## Requirement
Among the entries that follow, some lines contain the word "グループ". Show all of them.

[Records for this task Boundary: Start]

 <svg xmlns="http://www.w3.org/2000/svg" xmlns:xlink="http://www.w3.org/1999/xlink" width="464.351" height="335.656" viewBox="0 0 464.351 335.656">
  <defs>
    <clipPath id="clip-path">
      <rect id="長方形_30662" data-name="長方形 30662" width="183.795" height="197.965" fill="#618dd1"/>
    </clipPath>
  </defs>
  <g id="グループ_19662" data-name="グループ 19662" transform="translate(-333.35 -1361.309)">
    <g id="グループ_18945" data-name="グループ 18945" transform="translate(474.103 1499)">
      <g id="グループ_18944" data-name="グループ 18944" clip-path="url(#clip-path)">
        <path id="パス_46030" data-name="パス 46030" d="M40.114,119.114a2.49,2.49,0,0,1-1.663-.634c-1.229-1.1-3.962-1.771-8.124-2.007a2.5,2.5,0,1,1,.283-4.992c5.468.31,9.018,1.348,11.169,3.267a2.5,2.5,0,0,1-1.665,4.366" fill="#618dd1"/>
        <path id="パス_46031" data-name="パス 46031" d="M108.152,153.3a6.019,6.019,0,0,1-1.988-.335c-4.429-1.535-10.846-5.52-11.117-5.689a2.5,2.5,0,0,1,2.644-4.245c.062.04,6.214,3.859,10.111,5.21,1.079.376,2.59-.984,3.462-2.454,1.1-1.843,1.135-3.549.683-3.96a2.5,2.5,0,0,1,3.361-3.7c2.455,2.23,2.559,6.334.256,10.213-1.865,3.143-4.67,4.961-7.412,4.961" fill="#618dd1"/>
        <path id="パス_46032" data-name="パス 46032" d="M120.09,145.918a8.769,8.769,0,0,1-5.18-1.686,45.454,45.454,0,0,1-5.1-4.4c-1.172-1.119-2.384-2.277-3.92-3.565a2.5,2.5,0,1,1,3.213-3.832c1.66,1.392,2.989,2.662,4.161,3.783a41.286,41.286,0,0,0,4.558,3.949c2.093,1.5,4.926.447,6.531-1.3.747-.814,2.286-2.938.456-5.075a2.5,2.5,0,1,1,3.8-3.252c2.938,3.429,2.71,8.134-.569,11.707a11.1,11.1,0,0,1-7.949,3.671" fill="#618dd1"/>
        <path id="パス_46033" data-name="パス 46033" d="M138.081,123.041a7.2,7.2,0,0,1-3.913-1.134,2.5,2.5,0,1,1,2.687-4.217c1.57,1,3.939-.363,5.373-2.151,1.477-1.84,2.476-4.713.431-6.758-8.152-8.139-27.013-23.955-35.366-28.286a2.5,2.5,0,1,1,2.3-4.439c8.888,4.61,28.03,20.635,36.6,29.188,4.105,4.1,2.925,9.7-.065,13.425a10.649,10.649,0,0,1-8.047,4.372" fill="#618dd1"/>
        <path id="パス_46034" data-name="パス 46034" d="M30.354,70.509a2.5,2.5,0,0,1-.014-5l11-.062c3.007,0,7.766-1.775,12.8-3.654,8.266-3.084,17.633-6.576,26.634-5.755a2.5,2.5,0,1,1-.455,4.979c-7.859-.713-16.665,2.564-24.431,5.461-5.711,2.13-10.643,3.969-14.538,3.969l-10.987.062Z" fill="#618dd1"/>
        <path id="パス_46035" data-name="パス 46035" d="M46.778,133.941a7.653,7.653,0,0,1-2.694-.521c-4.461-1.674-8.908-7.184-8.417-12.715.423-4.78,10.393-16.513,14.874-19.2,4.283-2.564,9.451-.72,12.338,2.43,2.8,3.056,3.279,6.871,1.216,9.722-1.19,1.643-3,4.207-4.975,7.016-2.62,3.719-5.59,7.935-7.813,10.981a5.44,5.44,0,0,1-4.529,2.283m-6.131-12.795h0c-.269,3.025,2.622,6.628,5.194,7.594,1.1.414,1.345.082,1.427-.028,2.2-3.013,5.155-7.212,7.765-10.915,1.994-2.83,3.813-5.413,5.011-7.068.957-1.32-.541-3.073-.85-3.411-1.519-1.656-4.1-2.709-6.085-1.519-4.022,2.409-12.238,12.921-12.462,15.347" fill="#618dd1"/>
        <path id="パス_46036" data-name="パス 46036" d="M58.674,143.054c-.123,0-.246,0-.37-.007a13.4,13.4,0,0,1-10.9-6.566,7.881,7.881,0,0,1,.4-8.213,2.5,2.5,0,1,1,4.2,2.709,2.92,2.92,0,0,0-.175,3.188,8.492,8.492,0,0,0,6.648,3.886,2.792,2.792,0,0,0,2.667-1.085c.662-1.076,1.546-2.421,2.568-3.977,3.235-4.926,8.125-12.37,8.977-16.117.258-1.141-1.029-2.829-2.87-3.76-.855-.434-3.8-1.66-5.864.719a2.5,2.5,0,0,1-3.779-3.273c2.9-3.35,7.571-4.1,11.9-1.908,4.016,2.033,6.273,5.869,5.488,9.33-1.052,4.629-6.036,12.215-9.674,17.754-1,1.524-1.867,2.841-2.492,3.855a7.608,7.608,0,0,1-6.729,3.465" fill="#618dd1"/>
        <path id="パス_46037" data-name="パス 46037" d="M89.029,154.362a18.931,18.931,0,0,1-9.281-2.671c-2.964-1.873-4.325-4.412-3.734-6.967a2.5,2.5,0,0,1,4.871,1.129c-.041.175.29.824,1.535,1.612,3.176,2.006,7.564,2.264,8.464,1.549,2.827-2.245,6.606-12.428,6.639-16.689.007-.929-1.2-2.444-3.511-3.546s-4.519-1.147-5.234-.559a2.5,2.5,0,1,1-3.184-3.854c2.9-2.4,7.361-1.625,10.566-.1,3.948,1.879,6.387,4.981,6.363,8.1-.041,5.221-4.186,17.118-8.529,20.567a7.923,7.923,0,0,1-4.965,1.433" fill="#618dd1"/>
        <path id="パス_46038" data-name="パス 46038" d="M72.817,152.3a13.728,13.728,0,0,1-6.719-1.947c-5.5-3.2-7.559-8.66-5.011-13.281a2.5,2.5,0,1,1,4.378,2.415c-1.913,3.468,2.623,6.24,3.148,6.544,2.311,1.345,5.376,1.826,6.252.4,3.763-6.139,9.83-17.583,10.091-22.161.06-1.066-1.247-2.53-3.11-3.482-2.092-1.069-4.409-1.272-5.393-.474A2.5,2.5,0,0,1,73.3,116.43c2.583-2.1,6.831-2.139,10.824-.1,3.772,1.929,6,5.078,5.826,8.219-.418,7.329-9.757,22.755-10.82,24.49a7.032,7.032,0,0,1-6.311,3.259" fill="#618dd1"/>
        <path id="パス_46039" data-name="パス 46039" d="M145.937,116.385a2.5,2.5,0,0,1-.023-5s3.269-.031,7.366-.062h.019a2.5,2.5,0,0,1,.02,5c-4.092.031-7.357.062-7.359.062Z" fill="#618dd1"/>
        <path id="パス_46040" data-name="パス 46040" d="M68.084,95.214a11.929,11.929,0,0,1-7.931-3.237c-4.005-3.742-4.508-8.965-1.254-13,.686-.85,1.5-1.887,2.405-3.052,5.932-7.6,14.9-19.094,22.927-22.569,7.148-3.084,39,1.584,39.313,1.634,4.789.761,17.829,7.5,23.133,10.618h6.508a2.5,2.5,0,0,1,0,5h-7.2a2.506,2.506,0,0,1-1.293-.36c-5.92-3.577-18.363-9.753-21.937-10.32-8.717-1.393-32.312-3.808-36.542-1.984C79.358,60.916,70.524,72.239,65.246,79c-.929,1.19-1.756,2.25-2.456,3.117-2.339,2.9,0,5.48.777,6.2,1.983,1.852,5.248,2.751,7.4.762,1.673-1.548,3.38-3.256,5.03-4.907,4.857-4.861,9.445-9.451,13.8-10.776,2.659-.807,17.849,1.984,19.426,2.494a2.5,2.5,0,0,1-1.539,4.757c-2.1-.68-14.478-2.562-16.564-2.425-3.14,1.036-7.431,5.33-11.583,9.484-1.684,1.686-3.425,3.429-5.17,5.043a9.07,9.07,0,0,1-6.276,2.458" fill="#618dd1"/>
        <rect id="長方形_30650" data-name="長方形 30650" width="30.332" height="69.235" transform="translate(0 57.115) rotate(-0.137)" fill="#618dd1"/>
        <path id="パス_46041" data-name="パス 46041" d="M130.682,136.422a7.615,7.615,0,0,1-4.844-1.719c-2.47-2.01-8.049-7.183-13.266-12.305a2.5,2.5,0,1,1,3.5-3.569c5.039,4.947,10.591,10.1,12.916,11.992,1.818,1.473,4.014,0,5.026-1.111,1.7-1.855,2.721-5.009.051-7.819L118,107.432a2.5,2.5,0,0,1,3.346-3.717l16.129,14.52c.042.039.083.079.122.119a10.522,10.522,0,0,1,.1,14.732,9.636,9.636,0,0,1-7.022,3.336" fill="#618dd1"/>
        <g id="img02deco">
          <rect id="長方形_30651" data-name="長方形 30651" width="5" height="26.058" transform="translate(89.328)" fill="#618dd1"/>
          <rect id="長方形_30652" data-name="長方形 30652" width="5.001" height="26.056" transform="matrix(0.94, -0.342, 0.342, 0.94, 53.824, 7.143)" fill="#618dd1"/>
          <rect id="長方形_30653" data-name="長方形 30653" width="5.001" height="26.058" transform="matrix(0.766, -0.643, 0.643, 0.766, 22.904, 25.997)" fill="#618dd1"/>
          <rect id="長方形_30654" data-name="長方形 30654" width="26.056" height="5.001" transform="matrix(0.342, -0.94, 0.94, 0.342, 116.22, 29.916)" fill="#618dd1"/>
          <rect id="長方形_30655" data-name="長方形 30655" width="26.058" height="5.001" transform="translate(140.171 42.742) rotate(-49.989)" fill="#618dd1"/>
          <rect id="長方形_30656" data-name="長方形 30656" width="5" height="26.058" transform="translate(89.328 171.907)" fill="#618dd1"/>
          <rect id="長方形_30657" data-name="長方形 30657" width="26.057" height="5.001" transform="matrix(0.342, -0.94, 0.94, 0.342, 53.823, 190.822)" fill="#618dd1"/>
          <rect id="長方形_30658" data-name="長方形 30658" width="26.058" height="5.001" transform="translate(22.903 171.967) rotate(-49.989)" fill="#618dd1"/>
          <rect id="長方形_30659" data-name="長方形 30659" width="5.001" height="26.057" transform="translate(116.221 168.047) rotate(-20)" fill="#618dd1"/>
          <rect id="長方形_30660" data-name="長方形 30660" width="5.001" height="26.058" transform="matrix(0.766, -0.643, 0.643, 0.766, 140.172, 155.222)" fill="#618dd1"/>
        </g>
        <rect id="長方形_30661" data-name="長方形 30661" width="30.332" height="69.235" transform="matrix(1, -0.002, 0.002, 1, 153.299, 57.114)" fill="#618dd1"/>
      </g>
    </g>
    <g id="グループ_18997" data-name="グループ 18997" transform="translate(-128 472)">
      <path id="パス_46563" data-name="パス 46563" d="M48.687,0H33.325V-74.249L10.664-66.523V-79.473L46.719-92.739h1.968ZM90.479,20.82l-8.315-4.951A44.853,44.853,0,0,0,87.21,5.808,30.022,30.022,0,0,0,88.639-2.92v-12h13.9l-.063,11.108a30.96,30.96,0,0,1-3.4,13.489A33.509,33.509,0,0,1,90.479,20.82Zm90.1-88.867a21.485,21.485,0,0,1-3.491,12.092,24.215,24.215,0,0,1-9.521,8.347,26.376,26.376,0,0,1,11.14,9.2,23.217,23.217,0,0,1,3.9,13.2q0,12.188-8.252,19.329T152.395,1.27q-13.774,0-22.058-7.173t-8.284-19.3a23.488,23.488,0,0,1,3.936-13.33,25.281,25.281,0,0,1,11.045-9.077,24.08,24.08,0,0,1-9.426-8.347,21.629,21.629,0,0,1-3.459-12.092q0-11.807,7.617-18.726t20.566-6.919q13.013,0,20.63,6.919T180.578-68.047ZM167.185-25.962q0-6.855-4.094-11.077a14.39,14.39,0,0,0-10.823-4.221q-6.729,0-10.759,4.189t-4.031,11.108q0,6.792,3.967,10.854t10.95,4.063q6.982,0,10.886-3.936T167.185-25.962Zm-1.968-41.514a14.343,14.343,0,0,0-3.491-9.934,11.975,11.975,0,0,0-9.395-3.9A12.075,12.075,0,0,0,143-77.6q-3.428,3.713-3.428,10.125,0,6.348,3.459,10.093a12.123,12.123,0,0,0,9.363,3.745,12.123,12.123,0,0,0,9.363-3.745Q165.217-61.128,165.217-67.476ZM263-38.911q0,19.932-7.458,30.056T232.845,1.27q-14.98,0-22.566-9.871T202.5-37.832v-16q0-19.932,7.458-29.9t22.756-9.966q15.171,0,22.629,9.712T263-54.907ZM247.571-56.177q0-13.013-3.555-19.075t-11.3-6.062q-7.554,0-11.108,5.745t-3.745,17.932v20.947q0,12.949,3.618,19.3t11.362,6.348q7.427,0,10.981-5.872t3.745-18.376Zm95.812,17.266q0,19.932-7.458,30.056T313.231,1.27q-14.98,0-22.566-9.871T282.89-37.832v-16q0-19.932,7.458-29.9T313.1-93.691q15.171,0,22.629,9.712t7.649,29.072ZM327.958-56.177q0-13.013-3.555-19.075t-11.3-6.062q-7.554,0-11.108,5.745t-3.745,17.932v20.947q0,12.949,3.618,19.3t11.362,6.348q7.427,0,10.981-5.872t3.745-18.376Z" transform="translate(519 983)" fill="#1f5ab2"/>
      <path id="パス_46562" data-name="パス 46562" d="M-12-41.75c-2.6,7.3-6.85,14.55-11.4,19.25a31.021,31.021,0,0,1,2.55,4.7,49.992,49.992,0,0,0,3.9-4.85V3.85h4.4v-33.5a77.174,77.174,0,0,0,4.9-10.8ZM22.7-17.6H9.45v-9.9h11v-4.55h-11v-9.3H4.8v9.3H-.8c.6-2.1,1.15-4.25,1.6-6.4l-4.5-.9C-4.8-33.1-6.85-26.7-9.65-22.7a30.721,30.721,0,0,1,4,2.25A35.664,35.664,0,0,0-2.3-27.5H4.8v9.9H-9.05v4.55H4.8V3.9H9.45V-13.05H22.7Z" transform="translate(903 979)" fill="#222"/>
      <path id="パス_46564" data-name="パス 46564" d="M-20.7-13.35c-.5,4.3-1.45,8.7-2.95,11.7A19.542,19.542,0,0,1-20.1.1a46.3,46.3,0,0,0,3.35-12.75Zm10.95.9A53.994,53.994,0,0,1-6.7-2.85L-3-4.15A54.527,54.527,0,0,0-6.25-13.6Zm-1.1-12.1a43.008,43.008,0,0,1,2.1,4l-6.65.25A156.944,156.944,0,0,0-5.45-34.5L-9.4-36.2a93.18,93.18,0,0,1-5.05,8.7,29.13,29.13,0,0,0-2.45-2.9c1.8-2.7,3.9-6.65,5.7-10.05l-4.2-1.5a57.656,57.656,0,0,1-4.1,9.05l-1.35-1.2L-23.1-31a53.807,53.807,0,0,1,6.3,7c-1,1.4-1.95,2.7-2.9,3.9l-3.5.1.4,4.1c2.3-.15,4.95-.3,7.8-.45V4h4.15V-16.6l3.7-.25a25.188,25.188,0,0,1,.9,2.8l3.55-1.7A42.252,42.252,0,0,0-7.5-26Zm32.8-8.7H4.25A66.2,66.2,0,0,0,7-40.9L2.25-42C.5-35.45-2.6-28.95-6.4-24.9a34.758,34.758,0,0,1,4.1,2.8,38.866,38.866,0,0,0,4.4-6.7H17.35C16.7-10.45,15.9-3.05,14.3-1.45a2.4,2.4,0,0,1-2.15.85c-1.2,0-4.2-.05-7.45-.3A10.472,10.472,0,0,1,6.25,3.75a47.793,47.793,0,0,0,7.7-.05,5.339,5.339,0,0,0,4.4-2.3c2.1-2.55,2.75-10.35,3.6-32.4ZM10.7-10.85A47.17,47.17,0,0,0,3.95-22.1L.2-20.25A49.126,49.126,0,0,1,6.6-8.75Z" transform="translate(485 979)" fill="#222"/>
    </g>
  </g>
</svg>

[Records for this task Boundary: End]

## Your response
  <g id="グループ_19662" data-name="グループ 19662" transform="translate(-333.35 -1361.309)">
    <g id="グループ_18945" data-name="グループ 18945" transform="translate(474.103 1499)">
      <g id="グループ_18944" data-name="グループ 18944" clip-path="url(#clip-path)">
    <g id="グループ_18997" data-name="グループ 18997" transform="translate(-128 472)">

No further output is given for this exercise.